A Via Tasso, già nella serata di Sabato 3 Giugno, i detenuti erano stati presi dalle SS di Kappler e caricati su due camion (…). L’autocarro più pieno si fermò per un guasto appena dopo essere partito. I prigionieri, molti dei quali , dopo le torture, erano in condizioni pietose, furono sbattuti di nuovo nelle celle. L’altro camion prese la via del nord (…) e si fermò al 14°km della Via Cassia. I prigionieri, fra cui Buozzi, furono portati in una rimessa. Domenica 4 Giugno il sole era già alto quando le SS li vennero a prendere (…). Là, dopo averli costretti ad inginocchiarsi li uccisero uno dopo l’altro, con un colpo di pistola alla testa. (Claudio Fracassi, La Battaglia di Roma, Mursia).

 

Mussolini il 5 Giugno lanciò al Paese un messaggio irritato ed amaro: “I soldati del Reich hanno conteso passo a passo, con un eroismo che resterà imperituro nella memoria dei popoli, ogni lembo del territorio italiano… Soldati, alle armi! Operai e contadini al lavoro! La Repubblica è minacciata dalla plutocrazia e dai suoi mercenari di ogni razza. Difendetela!”.

 

Lia Levi, la bambina ebrea che aveva passato i mesi dell’occupazione nascosta in un convento di suore a Monteverde, racconta: “Avevo cominciato a scrivere una letterina: “Cara radio, sono una bambina ebrea…”. Mia madre legge e con un grande gesto, come di teatro, comincia a strappare il foglio, scritto in pezzi sempre più piccoli. La guardo sbalordita: che grande errore ci può mai essere? Ed anche se c’è da correggere, perché rompe tutto? Mamma non sembra arrabbiata, anzi è quasi allegra, e butta i pezzetti del mio lavoro in aria come se fossero coriandoli di carnevale. La guardo iroso ed offesa. Anche lei mi guarda: “Non sei una bambina ebrea, hai capito? Hai capito? Sei una bambina! Una bambina e basta!”. (Lia Levi, Una bambina e basta, E/O).

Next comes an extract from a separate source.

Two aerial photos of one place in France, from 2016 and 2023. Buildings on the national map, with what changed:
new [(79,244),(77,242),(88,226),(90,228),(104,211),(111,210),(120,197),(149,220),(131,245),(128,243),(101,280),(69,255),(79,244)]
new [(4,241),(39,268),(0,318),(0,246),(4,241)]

70 anni fa io c’ero ed avevo quasi 16 anni di GIUSEPPE ACCORINTI

4 GIUGNO 1944

Ci scrive Giuseppe Accorinti, Vicesegretario Nazionale ANPC ed autore del libro “Quando Mattei era l’impresa energetica, io c’ero” (Hacca): “Ecco il mio piccolo ricordo di quel pomeriggio: abitavo in Via D’Azeglio angolo Via Torino ed avevamo una finestra che guardava lungo tutta la Via NAPOLEONE III° in fondo in fondo fino a Piazza Vittorio; le ultime retroguardie tedesche sulle motocarrozzette  con il militare con la mitragliatrice nel sedile di dietro continuavano a scendere lungo Via Napoleone III°:  attraversavano Via Cavour, continuavano sotto di noi per Via FARINI e poi voltavano verso via Torino e quindi verso Villa Borghese e la Flaminia.

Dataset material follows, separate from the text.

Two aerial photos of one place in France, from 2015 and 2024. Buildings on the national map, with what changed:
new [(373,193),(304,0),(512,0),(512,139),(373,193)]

Dopo qualche ora queste retroguardie cominciarono a diradarsi e dopo un po’ cessarono del tutto: noi continuavamo a guardare e poi improvvisamente cominciammo a vedere lontano lontano su PIAZZA VITTORIO apparire alle finestre tanti lenzuoli bianchi sic!!-; lì per lì non capivamo di cosa si trattasse ma poi questi lenzuoli continuavano ad apparire sempre più vicini a noi sempre su Via NAPOLEONE III° e quindi lo mettemmo fuori anche noi. Perché i lenzuoli bianchi? Per segnalare agli americani che avanzavano e che inseguivano i tedeschi di proseguire  tranquillamente  perché nelle finestre non c’erano cecchini pronti a sparare -sic!!- : una cosa molto intelligente, no? ma chi aveva dato il suggerimento dei lenzuoli bianchi? Non certo né la radio e tanto meno i giornali: evidentemente c’era stato qualcuno nelle prime strade di Roma in cui  gli americani si stavano inoltrando che aveva avuto questa idea che piano piano era stata seguita da tanti altri che li avevano imitati. Dopo i tristi mesi della occupazione tedesca della città la tanta gente di Roma aveva anche voglia di fare qualcosa che aiutasse quelli che furono subito chiamati i liberatori.

4 Giugno 1944

4 giugno 1944 ,Roma

Alle 3,30 arriva in Campidoglio il tenente colonnello Pollok, primo rappresentante della 5a armata americana.

Alle 6,30 il generale Bencivenga si insedia come comandante militare e civile di Roma.

Il questore Pietro Caruso, nelle prime ore fugge accompagnato dal suo autista e dal caporal maggiore Franzetti, a bordo della sua Alfa Romeo ministeriale.Mitragliato nei pressi di Viterbo esce di strada e si frattura una gamba. Verrà arrestato dai partigiani di Bagnoregio.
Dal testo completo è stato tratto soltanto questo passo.